TASK GOAL:
Using the data below, show every line where the word "house" occurs.

PROVIDED DATA:
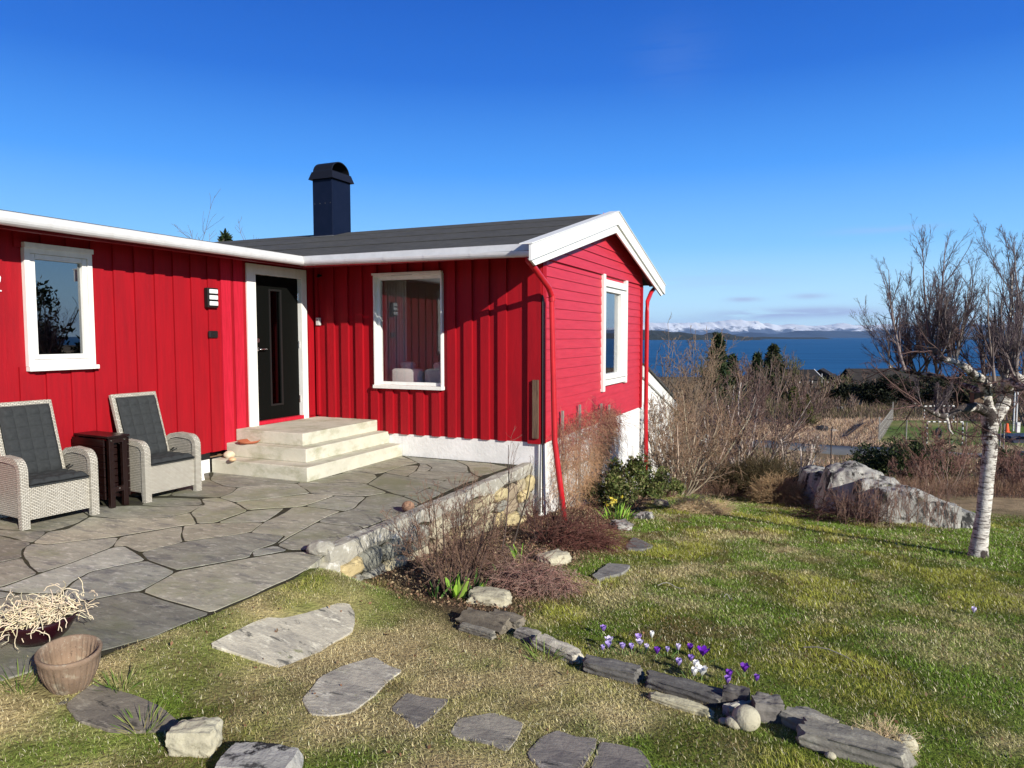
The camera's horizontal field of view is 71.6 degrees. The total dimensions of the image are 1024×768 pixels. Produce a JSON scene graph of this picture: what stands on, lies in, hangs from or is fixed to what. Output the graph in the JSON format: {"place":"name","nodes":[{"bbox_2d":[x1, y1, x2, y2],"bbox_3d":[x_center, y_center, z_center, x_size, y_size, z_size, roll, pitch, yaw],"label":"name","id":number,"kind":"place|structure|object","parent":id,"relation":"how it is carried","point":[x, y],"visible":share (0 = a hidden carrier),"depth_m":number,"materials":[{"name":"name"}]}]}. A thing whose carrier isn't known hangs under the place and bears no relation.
{"place":"outdoors","nodes":[
{"label":"outdoors","id":0,"kind":"place"},
{"bbox_2d":[0,376,1023,767],"bbox_3d":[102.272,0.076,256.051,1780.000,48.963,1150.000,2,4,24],"label":"ground","id":1,"kind":"structure","parent":0,"point":[1002,506],"depth_m":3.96,"materials":[{"name":"green plant"}]},
{"bbox_2d":[0,656,41,695],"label":"grass tuft","id":2,"kind":"object","parent":1,"relation":"on","point":[22,687],"visible":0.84,"depth_m":3.51,"materials":[{"name":"green plant"}]},
{"bbox_2d":[55,697,68,704],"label":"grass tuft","id":3,"kind":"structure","parent":1,"relation":"on","point":[64,701],"depth_m":3.37,"materials":[{"name":"plant"}]},
{"bbox_2d":[34,634,102,695],"bbox_3d":[-2.177,1.408,3.496,0.285,0.225,0.285,9,12,23],"label":"flower pot","id":4,"kind":"object","parent":3,"relation":"on","point":[67,665],"visible":0.97,"depth_m":3.46,"materials":[{"name":"ceramic"}]},
{"bbox_2d":[92,662,144,692],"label":"grass tuft","id":5,"kind":"object","parent":1,"relation":"on","point":[114,679],"visible":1,"depth_m":3.55,"materials":[{"name":"green plant"}]},
{"bbox_2d":[66,684,178,733],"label":"slab","id":6,"kind":"structure","parent":1,"relation":"on","point":[92,706],"depth_m":3.34,"materials":[{"name":"stone"}]},
{"bbox_2d":[109,695,180,735],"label":"grass tuft","id":7,"kind":"object","parent":1,"relation":"on","point":[126,718],"visible":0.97,"depth_m":3.26,"materials":[{"name":"green plant"}]},
{"bbox_2d":[165,717,222,757],"bbox_3d":[-1.393,1.554,3.115,0.239,0.142,0.140,0,4,1],"label":"quartz stone","id":8,"kind":"object","parent":1,"relation":"on","point":[201,737],"visible":0.98,"depth_m":3.06,"materials":[{"name":"beige stone"}]},
{"bbox_2d":[0,456,515,680],"bbox_3d":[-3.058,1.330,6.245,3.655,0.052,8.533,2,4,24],"label":"patio","id":9,"kind":"structure","parent":1,"relation":"on","point":[121,620],"depth_m":5.93,"materials":[{"name":"grey stone"}]},
{"bbox_2d":[0,577,98,648],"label":"planter bowl","id":10,"kind":"object","parent":9,"relation":"on","point":[41,621],"visible":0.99,"depth_m":3.96,"materials":[{"name":"beige"}]},
{"bbox_2d":[0,399,99,530],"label":"garden armchair","id":11,"kind":"object","parent":9,"relation":"on","point":[43,473],"visible":1,"depth_m":6.68,"materials":[{"name":"wicker"}]},
{"bbox_2d":[72,431,130,508],"bbox_3d":[-4.201,0.870,7.285,0.575,0.728,0.272,2,4,28],"label":"folding table","id":12,"kind":"object","parent":9,"relation":"on","point":[112,454],"visible":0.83,"depth_m":7.18,"materials":[{"name":"brown wood"}]},
{"bbox_2d":[107,391,201,502],"bbox_3d":[-3.920,0.654,7.750,0.667,1.097,0.690,2,4,27],"label":"garden armchair","id":13,"kind":"object","parent":9,"relation":"on","point":[160,461],"visible":0.96,"depth_m":7.71,"materials":[{"name":"wicker"}]},
{"bbox_2d":[212,416,401,481],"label":"concrete steps","id":14,"kind":"structure","parent":9,"relation":"on","point":[309,449],"depth_m":9.11,"materials":[{"name":"beige concrete"}]},
{"bbox_2d":[306,540,334,555],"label":"boulder","id":15,"kind":"object","parent":9,"relation":"on","point":[318,547],"visible":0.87,"depth_m":5.58,"materials":[{"name":"stone"}]},
{"bbox_2d":[215,742,303,767],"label":"stone","id":16,"kind":"object","parent":1,"relation":"on","point":[253,755],"visible":1,"depth_m":2.94,"materials":[{"name":"grey stone"}]},
{"bbox_2d":[211,603,354,667],"bbox_3d":[-1.310,1.556,4.441,0.483,0.210,1.061,2,4,24],"label":"stepping stone","id":17,"kind":"object","parent":1,"relation":"on","point":[295,638],"visible":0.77,"depth_m":4.33,"materials":[{"name":"stone"}]},
{"bbox_2d":[0,162,665,518],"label":"house","id":18,"kind":"structure","parent":1,"relation":"on","point":[529,330],"depth_m":9.58,"materials":[{"name":"red paint"}]},
{"bbox_2d":[21,242,99,371],"bbox_3d":[-4.582,-0.765,7.181,0.155,1.245,0.717,2,4,24],"label":"window","id":19,"kind":"structure","parent":18,"relation":"in","point":[57,281],"depth_m":7.17,"materials":[{"name":"white paint"}]},
{"bbox_2d":[245,263,308,426],"bbox_3d":[-3.350,-0.554,10.065,0.153,2.198,1.185,2,4,24],"label":"door","id":20,"kind":"structure","parent":18,"relation":"in","point":[277,342],"depth_m":10.09,"materials":[{"name":"black wood"}]},
{"bbox_2d":[384,280,406,380],"bbox_3d":[-1.853,-0.630,11.326,0.420,2.140,0.058,2,4,24],"label":"curtain","id":21,"kind":"object","parent":18,"relation":"hanging from","point":[395,313],"visible":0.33,"depth_m":11.30,"materials":[{"name":"white fabric"}]},
{"bbox_2d":[391,361,424,381],"bbox_3d":[-1.415,0.057,10.942,0.530,0.820,0.850,2,4,24],"label":"sofa","id":22,"kind":"object","parent":18,"relation":"on","point":[407,371],"visible":0.34,"depth_m":10.56,"materials":[{"name":"fabric"}]},
{"bbox_2d":[371,270,444,389],"bbox_3d":[-1.461,-0.758,10.130,1.157,1.655,0.210,2,4,24],"label":"window","id":23,"kind":"structure","parent":18,"relation":"in","point":[378,278],"depth_m":10.19,"materials":[{"name":"white paint"}]},
{"bbox_2d":[425,362,440,382],"bbox_3d":[-0.647,0.080,10.603,1.050,0.820,0.850,2,4,24],"label":"sofa","id":24,"kind":"object","parent":18,"relation":"on","point":[433,375],"visible":0.18,"depth_m":10.36,"materials":[{"name":"fabric"}]},
{"bbox_2d":[600,274,627,391],"bbox_3d":[1.775,-0.886,12.414,0.168,1.945,1.525,2,4,24],"label":"window","id":25,"kind":"structure","parent":18,"relation":"in","point":[620,290],"depth_m":12.72,"materials":[{"name":"white paint"}]},
{"bbox_2d":[302,657,400,716],"bbox_3d":[-0.862,1.634,3.811,0.412,0.118,0.760,2,4,24],"label":"stepping stone","id":26,"kind":"object","parent":1,"relation":"on","point":[361,681],"visible":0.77,"depth_m":3.76,"materials":[{"name":"stone"}]},
{"bbox_2d":[392,693,447,727],"bbox_3d":[-0.491,1.646,3.554,0.256,0.080,0.348,2,4,24],"label":"stepping stone","id":27,"kind":"object","parent":1,"relation":"on","point":[416,709],"visible":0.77,"depth_m":3.55,"materials":[{"name":"stone"}]},
{"bbox_2d":[318,462,534,580],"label":"retaining wall","id":28,"kind":"structure","parent":1,"relation":"on","point":[366,553],"depth_m":6.66,"materials":[{"name":"stone"}]},
{"bbox_2d":[380,471,522,599],"bbox_3d":[-0.550,1.172,5.597,1.024,1.038,1.248,-1,4,-19],"label":"twiggy shrub","id":29,"kind":"object","parent":1,"relation":"on","point":[455,539],"visible":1,"depth_m":5.49,"materials":[{"name":"brown plant"}]},
{"bbox_2d":[444,572,468,599],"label":"tulip leaves","id":30,"kind":"object","parent":1,"relation":"on","point":[456,588],"visible":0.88,"depth_m":5.47,"materials":[{"name":"green plant"}]},
{"bbox_2d":[458,622,496,639],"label":"edging stone","id":31,"kind":"object","parent":1,"relation":"on","point":[478,631],"visible":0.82,"depth_m":4.66,"materials":[{"name":"stone"}]},
{"bbox_2d":[455,607,514,634],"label":"edging stone","id":32,"kind":"object","parent":1,"relation":"on","point":[498,624],"visible":0.73,"depth_m":4.79,"materials":[{"name":"stone"}]},
{"bbox_2d":[451,713,522,750],"bbox_3d":[-0.112,1.657,3.370,0.338,0.079,0.320,2,4,24],"label":"stepping stone","id":33,"kind":"object","parent":1,"relation":"on","point":[497,731],"visible":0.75,"depth_m":3.35,"materials":[{"name":"stone"}]},
{"bbox_2d":[424,532,551,579],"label":"bramble","id":34,"kind":"object","parent":1,"relation":"on","point":[497,555],"visible":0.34,"depth_m":6.35,"materials":[{"name":"brown plant"}]},
{"bbox_2d":[466,586,511,607],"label":"rock","id":35,"kind":"object","parent":1,"relation":"on","point":[495,596],"visible":0.81,"depth_m":5.34,"materials":[{"name":"beige stone"}]},
{"bbox_2d":[488,609,525,628],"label":"edging stone","id":36,"kind":"object","parent":1,"relation":"on","point":[516,620],"visible":0.45,"depth_m":4.92,"materials":[{"name":"stone"}]},
{"bbox_2d":[0,567,1023,767],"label":"grass","id":37,"kind":"structure","parent":1,"relation":"on","point":[818,674],"depth_m":3.75,"materials":[{"name":"green plant"}]},
{"bbox_2d":[360,495,663,618],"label":"leaf litter","id":38,"kind":"object","parent":1,"relation":"on","point":[545,546],"visible":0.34,"depth_m":6.69,"materials":[{"name":"brown plant"}]},
{"bbox_2d":[490,427,548,553],"bbox_3d":[0.037,1.070,7.110,0.572,1.261,0.619,2,4,24],"label":"sapling","id":39,"kind":"object","parent":1,"relation":"on","point":[509,490],"visible":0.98,"depth_m":7.02,"materials":[{"name":"brown plant"}]},
{"bbox_2d":[513,626,540,642],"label":"edging stone","id":40,"kind":"object","parent":1,"relation":"on","point":[526,634],"visible":0.57,"depth_m":4.61,"materials":[{"name":"stone"}]},
{"bbox_2d":[43,498,1022,761],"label":"dead leaves","id":41,"kind":"object","parent":1,"relation":"on","point":[601,640],"visible":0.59,"depth_m":4.34,"materials":[{"name":"brown plant"}]},
{"bbox_2d":[473,540,605,602],"bbox_3d":[0.167,1.602,5.830,1.221,0.773,1.041,2,4,24],"label":"tangled shrub","id":42,"kind":"object","parent":1,"relation":"on","point":[544,580],"visible":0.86,"depth_m":5.73,"materials":[{"name":"brown plant"}]},
{"bbox_2d":[516,491,586,545],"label":"shrub","id":43,"kind":"object","parent":1,"relation":"on","point":[529,517],"visible":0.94,"depth_m":7.53,"materials":[{"name":"brown plant"}]},
{"bbox_2d":[537,549,571,565],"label":"rock","id":44,"kind":"object","parent":1,"relation":"on","point":[566,558],"visible":0.74,"depth_m":6.71,"materials":[{"name":"beige stone"}]},
{"bbox_2d":[530,634,583,663],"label":"edging stone","id":45,"kind":"object","parent":1,"relation":"on","point":[571,654],"visible":0.7,"depth_m":4.34,"materials":[{"name":"stone"}]},
{"bbox_2d":[527,731,596,767],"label":"stepping stone","id":46,"kind":"object","parent":1,"relation":"on","point":[557,749],"visible":0.85,"depth_m":3.17,"materials":[{"name":"stone"}]},
{"bbox_2d":[561,403,609,503],"bbox_3d":[1.189,1.082,11.055,0.045,1.600,2.400,2,4,24],"label":"trellis","id":47,"kind":"object","parent":1,"relation":"on","point":[562,414],"visible":0.32,"depth_m":10.64,"materials":[{"name":"brown wood"}]},
{"bbox_2d":[547,396,637,511],"bbox_3d":[1.258,1.148,10.986,0.945,1.975,3.541,2,4,24],"label":"climbing plant","id":48,"kind":"object","parent":47,"relation":"attached to","point":[612,425],"visible":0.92,"depth_m":10.52,"materials":[{"name":"brown plant"}]},
{"bbox_2d":[517,489,655,563],"bbox_3d":[0.713,1.697,7.588,1.625,1.132,1.526,2,4,24],"label":"drooping shrub","id":49,"kind":"object","parent":1,"relation":"on","point":[584,536],"visible":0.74,"depth_m":7.48,"materials":[{"name":"brown plant"}]},
{"bbox_2d":[592,563,629,581],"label":"slab","id":50,"kind":"structure","parent":1,"relation":"on","point":[612,569],"depth_m":6.46,"materials":[{"name":"stone"}]},
{"bbox_2d":[582,654,644,684],"bbox_3d":[0.568,1.654,4.073,0.372,0.113,0.132,2,4,26],"label":"edging stone","id":51,"kind":"object","parent":1,"relation":"on","point":[620,670],"visible":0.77,"depth_m":4.03,"materials":[{"name":"stone"}]},
{"bbox_2d":[595,495,638,520],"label":"daffodils","id":52,"kind":"object","parent":1,"relation":"on","point":[616,514],"visible":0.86,"depth_m":9.40,"materials":[{"name":"green plant"}]},
{"bbox_2d":[591,742,651,767],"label":"stepping stone","id":53,"kind":"object","parent":1,"relation":"on","point":[611,755],"visible":1,"depth_m":3.13,"materials":[{"name":"stone"}]},
{"bbox_2d":[583,453,670,511],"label":"evergreen shrub","id":54,"kind":"object","parent":1,"relation":"on","point":[634,473],"visible":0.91,"depth_m":10.56,"materials":[{"name":"green plant"}]},
{"bbox_2d":[639,363,678,481],"bbox_3d":[2.521,1.180,17.432,2.420,3.550,3.900,2,4,24],"label":"white annex","id":55,"kind":"object","parent":1,"relation":"on","point":[656,386],"visible":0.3,"depth_m":16.26,"materials":[{"name":"paint"}]},
{"bbox_2d":[650,466,686,497],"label":"evergreen shrub","id":56,"kind":"object","parent":1,"relation":"on","point":[674,486],"visible":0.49,"depth_m":13.99,"materials":[{"name":"green plant"}]},
{"bbox_2d":[647,691,714,717],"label":"edging stone","id":57,"kind":"object","parent":1,"relation":"on","point":[681,704],"visible":0.85,"depth_m":3.66,"materials":[{"name":"stone"}]},
{"bbox_2d":[644,670,722,707],"bbox_3d":[0.926,1.665,3.839,0.465,0.105,0.130,3,5,34],"label":"edging stone","id":58,"kind":"object","parent":1,"relation":"on","point":[695,691],"visible":0.68,"depth_m":3.80,"materials":[{"name":"stone"}]},
{"bbox_2d":[639,382,750,495],"bbox_3d":[3.393,1.203,14.756,2.200,2.365,2.728,-1,4,-19],"label":"willow bush","id":59,"kind":"object","parent":1,"relation":"on","point":[671,451],"visible":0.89,"depth_m":14.36,"materials":[{"name":"brown plant"}]},
{"bbox_2d":[643,313,751,477],"bbox_3d":[3.835,0.518,18.437,4.602,4.698,3.917,-3,5,-41],"label":"willow bush","id":60,"kind":"object","parent":1,"relation":"on","point":[711,368],"visible":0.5,"depth_m":17.87,"materials":[{"name":"brown plant"}]},
{"bbox_2d":[659,487,740,515],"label":"dry grass clump","id":61,"kind":"object","parent":1,"relation":"on","point":[703,507],"visible":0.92,"depth_m":10.88,"materials":[{"name":"brown plant"}]},
{"bbox_2d":[699,332,736,404],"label":"conifer","id":62,"kind":"object","parent":1,"relation":"on","point":[723,369],"visible":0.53,"depth_m":87.34,"materials":[{"name":"green plant"}]},
{"bbox_2d":[648,372,793,488],"bbox_3d":[4.331,1.160,16.151,3.922,2.960,2.140,2,4,24],"label":"willow bush","id":63,"kind":"object","parent":1,"relation":"on","point":[737,438],"visible":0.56,"depth_m":16.14,"materials":[{"name":"brown plant"}]},
{"bbox_2d":[721,683,750,705],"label":"edging stone","id":64,"kind":"object","parent":1,"relation":"on","point":[732,693],"visible":0.6,"depth_m":3.68,"materials":[{"name":"stone"}]},
{"bbox_2d":[657,353,831,469],"bbox_3d":[6.316,1.107,19.168,3.232,3.820,4.320,-2,4,-30],"label":"multi stem tree","id":65,"kind":"object","parent":1,"relation":"on","point":[738,414],"visible":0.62,"depth_m":19.01,"materials":[{"name":"brown plant"}]},
{"bbox_2d":[732,704,760,731],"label":"round stone","id":66,"kind":"object","parent":1,"relation":"on","point":[747,718],"visible":0.92,"depth_m":3.43,"materials":[{"name":"beige stone"}]},
{"bbox_2d":[718,356,783,415],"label":"bare tree","id":67,"kind":"object","parent":1,"relation":"on","point":[760,383],"visible":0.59,"depth_m":75.04,"materials":[{"name":"brown plant"}]},
{"bbox_2d":[743,351,767,395],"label":"conifer","id":68,"kind":"object","parent":1,"relation":"on","point":[757,358],"visible":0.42,"depth_m":95.68,"materials":[{"name":"green plant"}]},
{"bbox_2d":[710,447,801,498],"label":"heather","id":69,"kind":"object","parent":1,"relation":"on","point":[759,468],"visible":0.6,"depth_m":15.31,"materials":[{"name":"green plant"}]},
{"bbox_2d":[751,692,784,723],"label":"edging stone","id":70,"kind":"object","parent":1,"relation":"on","point":[768,707],"visible":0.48,"depth_m":3.53,"materials":[{"name":"stone"}]},
{"bbox_2d":[740,349,798,404],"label":"bare tree","id":71,"kind":"object","parent":1,"relation":"on","point":[776,375],"visible":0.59,"depth_m":89.84,"materials":[{"name":"brown plant"}]},
{"bbox_2d":[749,342,789,397],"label":"conifer","id":72,"kind":"object","parent":1,"relation":"on","point":[774,349],"visible":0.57,"depth_m":99.28,"materials":[{"name":"green plant"}]},
{"bbox_2d":[709,383,836,466],"bbox_3d":[8.265,1.549,22.770,3.960,3.541,4.587,2,4,24],"label":"multi stem tree","id":73,"kind":"object","parent":1,"relation":"on","point":[775,427],"visible":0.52,"depth_m":22.20,"materials":[{"name":"brown plant"}]},
{"bbox_2d":[741,470,814,505],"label":"dry grass tuft","id":74,"kind":"object","parent":1,"relation":"on","point":[779,486],"visible":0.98,"depth_m":13.53,"materials":[{"name":"brown plant"}]},
{"bbox_2d":[780,365,813,395],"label":"bare tree","id":75,"kind":"object","parent":1,"relation":"on","point":[804,383],"visible":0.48,"depth_m":94.67,"materials":[{"name":"brown plant"}]},
{"bbox_2d":[767,419,829,469],"bbox_3d":[7.423,1.855,18.588,1.318,1.962,1.906,-3,5,-35],"label":"pale tree","id":76,"kind":"object","parent":1,"relation":"on","point":[784,447],"visible":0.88,"depth_m":18.51,"materials":[{"name":"grey plant"}]},
{"bbox_2d":[779,706,838,730],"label":"edging stone","id":77,"kind":"object","parent":1,"relation":"on","point":[792,718],"visible":0.43,"depth_m":3.48,"materials":[{"name":"stone"}]},
{"bbox_2d":[790,370,835,400],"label":"bare tree","id":78,"kind":"object","parent":1,"relation":"on","point":[815,391],"visible":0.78,"depth_m":89.18,"materials":[{"name":"brown plant"}]},
{"bbox_2d":[827,382,860,400],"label":"hedge tree","id":79,"kind":"object","parent":1,"relation":"on","point":[843,392],"visible":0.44,"depth_m":95.05,"materials":[{"name":"green plant"}]},
{"bbox_2d":[674,451,1014,493],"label":"dry grass","id":80,"kind":"structure","parent":1,"relation":"on","point":[825,462],"depth_m":36.68,"materials":[{"name":"brown plant"}]},
{"bbox_2d":[672,388,1023,419],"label":"dry grass","id":81,"kind":"structure","parent":1,"relation":"on","point":[874,409],"depth_m":78.43,"materials":[{"name":"brown plant"}]},
{"bbox_2d":[786,479,909,527],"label":"bramble","id":82,"kind":"object","parent":1,"relation":"on","point":[816,512],"visible":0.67,"depth_m":11.03,"materials":[{"name":"brown plant"}]},
{"bbox_2d":[674,416,1023,446],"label":"dry grass","id":83,"kind":"structure","parent":1,"relation":"on","point":[858,437],"depth_m":61.27,"materials":[{"name":"brown plant"}]},
{"bbox_2d":[681,470,1023,498],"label":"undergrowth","id":84,"kind":"object","parent":1,"relation":"on","point":[962,487],"visible":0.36,"depth_m":15.42,"materials":[{"name":"brown plant"}]},
{"bbox_2d":[796,717,917,767],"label":"edging stone","id":85,"kind":"object","parent":1,"relation":"on","point":[853,744],"visible":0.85,"depth_m":3.22,"materials":[{"name":"stone"}]},
{"bbox_2d":[832,368,919,386],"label":"distant house","id":86,"kind":"structure","parent":1,"relation":"on","point":[857,376],"depth_m":123.88,"materials":[{"name":"black"}]},
{"bbox_2d":[846,375,912,404],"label":"hedge tree","id":87,"kind":"object","parent":1,"relation":"on","point":[865,385],"visible":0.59,"depth_m":87.60,"materials":[{"name":"green plant"}]},
{"bbox_2d":[787,460,975,528],"bbox_3d":[6.327,2.218,13.650,2.038,1.811,5.594,0,4,-5],"label":"rock outcrop","id":88,"kind":"object","parent":1,"relation":"on","point":[815,476],"visible":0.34,"depth_m":12.07,"materials":[{"name":"grey stone"}]},
{"bbox_2d":[844,711,923,762],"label":"dry grass clump","id":89,"kind":"object","parent":1,"relation":"on","point":[886,733],"visible":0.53,"depth_m":3.33,"materials":[{"name":"beige plant"}]},
{"bbox_2d":[878,402,893,441],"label":"court fence","id":90,"kind":"object","parent":1,"relation":"on","point":[885,423],"visible":0.77,"depth_m":59.54,"materials":[{"name":"grey wood"}]},
{"bbox_2d":[858,374,930,405],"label":"hedge tree","id":91,"kind":"object","parent":1,"relation":"on","point":[891,391],"visible":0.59,"depth_m":85.89,"materials":[{"name":"green plant"}]},
{"bbox_2d":[830,465,964,531],"bbox_3d":[5.602,1.652,10.364,1.821,0.997,0.876,2,4,24],"label":"bramble","id":92,"kind":"object","parent":1,"relation":"on","point":[897,506],"visible":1,"depth_m":10.34,"materials":[{"name":"brown plant"}]},
{"bbox_2d":[846,427,973,481],"bbox_3d":[13.394,2.518,24.050,3.760,2.320,3.038,0,4,0],"label":"juniper","id":93,"kind":"object","parent":1,"relation":"on","point":[879,461],"visible":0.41,"depth_m":23.73,"materials":[{"name":"green plant"}]},
{"bbox_2d":[887,456,946,486],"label":"bare bush","id":94,"kind":"object","parent":1,"relation":"on","point":[892,462],"visible":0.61,"depth_m":18.33,"materials":[{"name":"brown plant"}]},
{"bbox_2d":[907,450,962,490],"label":"bare bush","id":95,"kind":"object","parent":1,"relation":"on","point":[919,459],"visible":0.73,"depth_m":17.60,"materials":[{"name":"brown plant"}]},
{"bbox_2d":[849,215,1023,557],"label":"birch tree","id":96,"kind":"object","parent":1,"relation":"on","point":[948,335],"visible":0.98,"depth_m":7.61,"materials":[{"name":"white plant"}]},
{"bbox_2d":[892,412,980,494],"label":"bare bush","id":97,"kind":"object","parent":1,"relation":"on","point":[939,444],"visible":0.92,"depth_m":15.81,"materials":[{"name":"brown plant"}]},
{"bbox_2d":[922,371,995,404],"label":"hedge tree","id":98,"kind":"object","parent":1,"relation":"on","point":[941,383],"visible":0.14,"depth_m":88.25,"materials":[{"name":"green plant"}]},
{"bbox_2d":[994,439,1023,490],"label":"bare bush","id":99,"kind":"object","parent":1,"relation":"on","point":[999,473],"visible":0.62,"depth_m":17.12,"materials":[{"name":"brown plant"}]},
{"bbox_2d":[1000,448,1023,495],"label":"bare bush","id":100,"kind":"object","parent":1,"relation":"on","point":[1019,473],"visible":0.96,"depth_m":15.13,"materials":[{"name":"brown plant"}]},
{"bbox_2d":[0,0,1023,325],"label":"sky","id":101,"kind":"structure","parent":0,"point":[760,154],"materials":[{"name":"blue"}]},
{"bbox_2d":[643,330,761,339],"bbox_3d":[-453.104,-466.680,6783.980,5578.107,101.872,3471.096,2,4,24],"label":"hills","id":102,"kind":"structure","parent":0,"point":[655,335],"depth_m":6339.27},
{"bbox_2d":[553,491,1023,573],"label":"grass","id":103,"kind":"structure","parent":0,"point":[795,523],"depth_m":9.33,"materials":[{"name":"green plant"}]},
{"bbox_2d":[642,338,1023,376],"bbox_3d":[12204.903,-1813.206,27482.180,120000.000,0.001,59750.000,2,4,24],"label":"sea","id":104,"kind":"structure","parent":0,"point":[836,356],"depth_m":1316.03,"materials":[{"name":"liquid"}]},
{"bbox_2d":[643,319,1023,334],"bbox_3d":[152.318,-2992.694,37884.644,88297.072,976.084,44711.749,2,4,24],"label":"mountains","id":105,"kind":"structure","parent":0,"point":[740,326],"depth_m":35951.23,"materials":[{"name":"white snow"}]},
{"bbox_2d":[680,439,1023,458],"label":"road","id":106,"kind":"structure","parent":0,"point":[841,450],"depth_m":48.92,"materials":[{"name":"grey asphalt"}]},
{"bbox_2d":[733,323,1023,337],"bbox_3d":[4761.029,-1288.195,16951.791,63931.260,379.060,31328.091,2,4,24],"label":"hills","id":107,"kind":"structure","parent":0,"point":[841,334],"depth_m":15824.18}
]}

SOLUTION TO THIS EXERCISE:
{"bbox_2d":[0,162,665,518],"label":"house","id":18,"kind":"structure","parent":1,"relation":"on","point":[529,330],"depth_m":9.58,"materials":[{"name":"red paint"}]},
{"bbox_2d":[832,368,919,386],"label":"distant house","id":86,"kind":"structure","parent":1,"relation":"on","point":[857,376],"depth_m":123.88,"materials":[{"name":"black"}]},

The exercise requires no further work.